WORK ORDER
Every record must be restated exactly as written.

RECORDS SUPPLIED

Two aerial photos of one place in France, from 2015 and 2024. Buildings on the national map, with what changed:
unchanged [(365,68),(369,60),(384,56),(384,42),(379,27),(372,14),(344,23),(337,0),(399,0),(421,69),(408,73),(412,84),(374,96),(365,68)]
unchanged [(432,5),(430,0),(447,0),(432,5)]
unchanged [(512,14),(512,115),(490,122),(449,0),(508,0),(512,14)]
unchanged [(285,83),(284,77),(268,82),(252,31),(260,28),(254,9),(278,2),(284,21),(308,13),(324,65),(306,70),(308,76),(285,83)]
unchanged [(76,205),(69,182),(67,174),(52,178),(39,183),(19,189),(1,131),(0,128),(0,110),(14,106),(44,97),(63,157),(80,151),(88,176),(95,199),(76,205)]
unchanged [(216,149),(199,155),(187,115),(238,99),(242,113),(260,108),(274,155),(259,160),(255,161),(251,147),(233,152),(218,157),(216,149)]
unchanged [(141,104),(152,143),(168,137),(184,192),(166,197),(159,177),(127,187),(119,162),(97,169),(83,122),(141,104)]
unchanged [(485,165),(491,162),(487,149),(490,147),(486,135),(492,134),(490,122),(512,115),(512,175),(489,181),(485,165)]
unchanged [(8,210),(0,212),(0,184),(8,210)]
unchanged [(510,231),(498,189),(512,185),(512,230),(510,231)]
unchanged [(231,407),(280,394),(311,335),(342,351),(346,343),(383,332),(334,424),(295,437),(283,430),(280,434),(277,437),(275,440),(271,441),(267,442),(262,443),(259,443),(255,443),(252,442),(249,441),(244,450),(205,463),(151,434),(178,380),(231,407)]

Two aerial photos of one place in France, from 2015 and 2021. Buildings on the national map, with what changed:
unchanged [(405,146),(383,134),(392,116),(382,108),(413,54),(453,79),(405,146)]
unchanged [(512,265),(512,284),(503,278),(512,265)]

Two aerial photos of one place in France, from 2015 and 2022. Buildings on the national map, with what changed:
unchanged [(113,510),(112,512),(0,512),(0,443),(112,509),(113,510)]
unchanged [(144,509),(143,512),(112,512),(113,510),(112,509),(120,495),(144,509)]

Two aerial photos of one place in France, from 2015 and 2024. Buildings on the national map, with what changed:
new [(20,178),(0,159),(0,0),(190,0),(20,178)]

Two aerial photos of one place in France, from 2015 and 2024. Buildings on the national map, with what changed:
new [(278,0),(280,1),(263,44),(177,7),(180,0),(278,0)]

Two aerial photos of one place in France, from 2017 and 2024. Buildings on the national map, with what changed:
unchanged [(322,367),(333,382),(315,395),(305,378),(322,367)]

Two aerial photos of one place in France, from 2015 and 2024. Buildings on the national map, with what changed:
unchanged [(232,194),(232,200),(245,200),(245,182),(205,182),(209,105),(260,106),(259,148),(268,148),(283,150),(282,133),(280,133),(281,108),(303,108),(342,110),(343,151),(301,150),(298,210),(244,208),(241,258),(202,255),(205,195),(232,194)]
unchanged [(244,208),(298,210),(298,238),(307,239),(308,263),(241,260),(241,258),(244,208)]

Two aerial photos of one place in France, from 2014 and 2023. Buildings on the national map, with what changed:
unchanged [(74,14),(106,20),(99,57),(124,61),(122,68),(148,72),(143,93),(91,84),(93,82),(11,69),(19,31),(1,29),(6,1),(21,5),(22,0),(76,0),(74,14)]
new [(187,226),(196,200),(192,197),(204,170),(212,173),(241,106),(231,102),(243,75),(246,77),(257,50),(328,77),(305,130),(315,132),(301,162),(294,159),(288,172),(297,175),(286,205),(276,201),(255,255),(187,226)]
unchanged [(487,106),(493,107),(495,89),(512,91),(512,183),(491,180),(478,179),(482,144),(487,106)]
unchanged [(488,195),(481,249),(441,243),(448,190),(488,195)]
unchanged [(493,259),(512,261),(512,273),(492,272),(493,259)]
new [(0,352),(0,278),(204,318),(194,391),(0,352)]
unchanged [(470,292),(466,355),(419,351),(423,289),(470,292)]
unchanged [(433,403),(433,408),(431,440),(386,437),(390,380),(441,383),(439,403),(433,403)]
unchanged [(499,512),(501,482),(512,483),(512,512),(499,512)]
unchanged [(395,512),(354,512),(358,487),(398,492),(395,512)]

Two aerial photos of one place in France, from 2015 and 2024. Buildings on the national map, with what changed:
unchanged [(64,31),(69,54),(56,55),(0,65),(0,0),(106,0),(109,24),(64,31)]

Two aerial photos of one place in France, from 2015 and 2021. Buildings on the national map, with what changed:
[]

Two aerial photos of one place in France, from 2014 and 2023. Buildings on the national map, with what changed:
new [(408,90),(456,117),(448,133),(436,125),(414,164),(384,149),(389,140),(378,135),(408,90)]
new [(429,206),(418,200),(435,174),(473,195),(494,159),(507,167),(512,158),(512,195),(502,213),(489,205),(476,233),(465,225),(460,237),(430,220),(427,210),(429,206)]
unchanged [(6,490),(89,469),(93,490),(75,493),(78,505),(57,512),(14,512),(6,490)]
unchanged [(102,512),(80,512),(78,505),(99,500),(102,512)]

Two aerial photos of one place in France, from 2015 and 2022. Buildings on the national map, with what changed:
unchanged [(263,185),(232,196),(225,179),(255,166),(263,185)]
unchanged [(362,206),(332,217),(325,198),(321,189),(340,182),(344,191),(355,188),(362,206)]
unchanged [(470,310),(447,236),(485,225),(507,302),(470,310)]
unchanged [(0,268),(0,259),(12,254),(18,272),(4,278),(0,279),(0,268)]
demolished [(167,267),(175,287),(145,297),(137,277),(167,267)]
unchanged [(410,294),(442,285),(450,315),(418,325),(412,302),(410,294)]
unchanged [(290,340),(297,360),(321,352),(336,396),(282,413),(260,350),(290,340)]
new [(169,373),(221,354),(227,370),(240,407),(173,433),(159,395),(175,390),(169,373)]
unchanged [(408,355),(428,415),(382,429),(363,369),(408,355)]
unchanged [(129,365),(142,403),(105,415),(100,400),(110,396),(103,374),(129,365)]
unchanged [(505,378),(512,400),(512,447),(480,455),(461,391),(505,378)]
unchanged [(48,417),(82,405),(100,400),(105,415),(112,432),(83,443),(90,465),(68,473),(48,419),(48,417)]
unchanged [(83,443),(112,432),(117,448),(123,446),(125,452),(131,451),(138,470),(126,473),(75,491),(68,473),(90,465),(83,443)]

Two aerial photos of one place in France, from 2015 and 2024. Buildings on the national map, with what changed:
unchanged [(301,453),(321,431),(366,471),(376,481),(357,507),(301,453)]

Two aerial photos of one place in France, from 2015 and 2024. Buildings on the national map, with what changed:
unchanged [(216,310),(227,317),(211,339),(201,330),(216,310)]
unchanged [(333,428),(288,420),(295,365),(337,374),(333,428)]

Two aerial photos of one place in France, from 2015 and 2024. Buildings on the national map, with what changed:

REPLY
Two aerial photos of one place in France, from 2015 and 2024. Buildings on the national map, with what changed:
unchanged [(365,68),(369,60),(384,56),(384,42),(379,27),(372,14),(344,23),(337,0),(399,0),(421,69),(408,73),(412,84),(374,96),(365,68)]
unchanged [(432,5),(430,0),(447,0),(432,5)]
unchanged [(512,14),(512,115),(490,122),(449,0),(508,0),(512,14)]
unchanged [(285,83),(284,77),(268,82),(252,31),(260,28),(254,9),(278,2),(284,21),(308,13),(324,65),(306,70),(308,76),(285,83)]
unchanged [(76,205),(69,182),(67,174),(52,178),(39,183),(19,189),(1,131),(0,128),(0,110),(14,106),(44,97),(63,157),(80,151),(88,176),(95,199),(76,205)]
unchanged [(216,149),(199,155),(187,115),(238,99),(242,113),(260,108),(274,155),(259,160),(255,161),(251,147),(233,152),(218,157),(216,149)]
unchanged [(141,104),(152,143),(168,137),(184,192),(166,197),(159,177),(127,187),(119,162),(97,169),(83,122),(141,104)]
unchanged [(485,165),(491,162),(487,149),(490,147),(486,135),(492,134),(490,122),(512,115),(512,175),(489,181),(485,165)]
unchanged [(8,210),(0,212),(0,184),(8,210)]
unchanged [(510,231),(498,189),(512,185),(512,230),(510,231)]
unchanged [(231,407),(280,394),(311,335),(342,351),(346,343),(383,332),(334,424),(295,437),(283,430),(280,434),(277,437),(275,440),(271,441),(267,442),(262,443),(259,443),(255,443),(252,442),(249,441),(244,450),(205,463),(151,434),(178,380),(231,407)]

Two aerial photos of one place in France, from 2015 and 2021. Buildings on the national map, with what changed:
unchanged [(405,146),(383,134),(392,116),(382,108),(413,54),(453,79),(405,146)]
unchanged [(512,265),(512,284),(503,278),(512,265)]

Two aerial photos of one place in France, from 2015 and 2022. Buildings on the national map, with what changed:
unchanged [(113,510),(112,512),(0,512),(0,443),(112,509),(113,510)]
unchanged [(144,509),(143,512),(112,512),(113,510),(112,509),(120,495),(144,509)]

Two aerial photos of one place in France, from 2015 and 2024. Buildings on the national map, with what changed:
new [(20,178),(0,159),(0,0),(190,0),(20,178)]

Two aerial photos of one place in France, from 2015 and 2024. Buildings on the national map, with what changed:
new [(278,0),(280,1),(263,44),(177,7),(180,0),(278,0)]

Two aerial photos of one place in France, from 2017 and 2024. Buildings on the national map, with what changed:
unchanged [(322,367),(333,382),(315,395),(305,378),(322,367)]

Two aerial photos of one place in France, from 2015 and 2024. Buildings on the national map, with what changed:
unchanged [(232,194),(232,200),(245,200),(245,182),(205,182),(209,105),(260,106),(259,148),(268,148),(283,150),(282,133),(280,133),(281,108),(303,108),(342,110),(343,151),(301,150),(298,210),(244,208),(241,258),(202,255),(205,195),(232,194)]
unchanged [(244,208),(298,210),(298,238),(307,239),(308,263),(241,260),(241,258),(244,208)]

Two aerial photos of one place in France, from 2014 and 2023. Buildings on the national map, with what changed:
unchanged [(74,14),(106,20),(99,57),(124,61),(122,68),(148,72),(143,93),(91,84),(93,82),(11,69),(19,31),(1,29),(6,1),(21,5),(22,0),(76,0),(74,14)]
new [(187,226),(196,200),(192,197),(204,170),(212,173),(241,106),(231,102),(243,75),(246,77),(257,50),(328,77),(305,130),(315,132),(301,162),(294,159),(288,172),(297,175),(286,205),(276,201),(255,255),(187,226)]
unchanged [(487,106),(493,107),(495,89),(512,91),(512,183),(491,180),(478,179),(482,144),(487,106)]
unchanged [(488,195),(481,249),(441,243),(448,190),(488,195)]
unchanged [(493,259),(512,261),(512,273),(492,272),(493,259)]
new [(0,352),(0,278),(204,318),(194,391),(0,352)]
unchanged [(470,292),(466,355),(419,351),(423,289),(470,292)]
unchanged [(433,403),(433,408),(431,440),(386,437),(390,380),(441,383),(439,403),(433,403)]
unchanged [(499,512),(501,482),(512,483),(512,512),(499,512)]
unchanged [(395,512),(354,512),(358,487),(398,492),(395,512)]

Two aerial photos of one place in France, from 2015 and 2024. Buildings on the national map, with what changed:
unchanged [(64,31),(69,54),(56,55),(0,65),(0,0),(106,0),(109,24),(64,31)]

Two aerial photos of one place in France, from 2015 and 2021. Buildings on the national map, with what changed:
[]

Two aerial photos of one place in France, from 2014 and 2023. Buildings on the national map, with what changed:
new [(408,90),(456,117),(448,133),(436,125),(414,164),(384,149),(389,140),(378,135),(408,90)]
new [(429,206),(418,200),(435,174),(473,195),(494,159),(507,167),(512,158),(512,195),(502,213),(489,205),(476,233),(465,225),(460,237),(430,220),(427,210),(429,206)]
unchanged [(6,490),(89,469),(93,490),(75,493),(78,505),(57,512),(14,512),(6,490)]
unchanged [(102,512),(80,512),(78,505),(99,500),(102,512)]

Two aerial photos of one place in France, from 2015 and 2022. Buildings on the national map, with what changed:
unchanged [(263,185),(232,196),(225,179),(255,166),(263,185)]
unchanged [(362,206),(332,217),(325,198),(321,189),(340,182),(344,191),(355,188),(362,206)]
unchanged [(470,310),(447,236),(485,225),(507,302),(470,310)]
unchanged [(0,268),(0,259),(12,254),(18,272),(4,278),(0,279),(0,268)]
demolished [(167,267),(175,287),(145,297),(137,277),(167,267)]
unchanged [(410,294),(442,285),(450,315),(418,325),(412,302),(410,294)]
unchanged [(290,340),(297,360),(321,352),(336,396),(282,413),(260,350),(290,340)]
new [(169,373),(221,354),(227,370),(240,407),(173,433),(159,395),(175,390),(169,373)]
unchanged [(408,355),(428,415),(382,429),(363,369),(408,355)]
unchanged [(129,365),(142,403),(105,415),(100,400),(110,396),(103,374),(129,365)]
unchanged [(505,378),(512,400),(512,447),(480,455),(461,391),(505,378)]
unchanged [(48,417),(82,405),(100,400),(105,415),(112,432),(83,443),(90,465),(68,473),(48,419),(48,417)]
unchanged [(83,443),(112,432),(117,448),(123,446),(125,452),(131,451),(138,470),(126,473),(75,491),(68,473),(90,465),(83,443)]

Two aerial photos of one place in France, from 2015 and 2024. Buildings on the national map, with what changed:
unchanged [(301,453),(321,431),(366,471),(376,481),(357,507),(301,453)]

Two aerial photos of one place in France, from 2015 and 2024. Buildings on the national map, with what changed:
unchanged [(216,310),(227,317),(211,339),(201,330),(216,310)]
unchanged [(333,428),(288,420),(295,365),(337,374),(333,428)]

Two aerial photos of one place in France, from 2015 and 2024. Buildings on the national map, with what changed:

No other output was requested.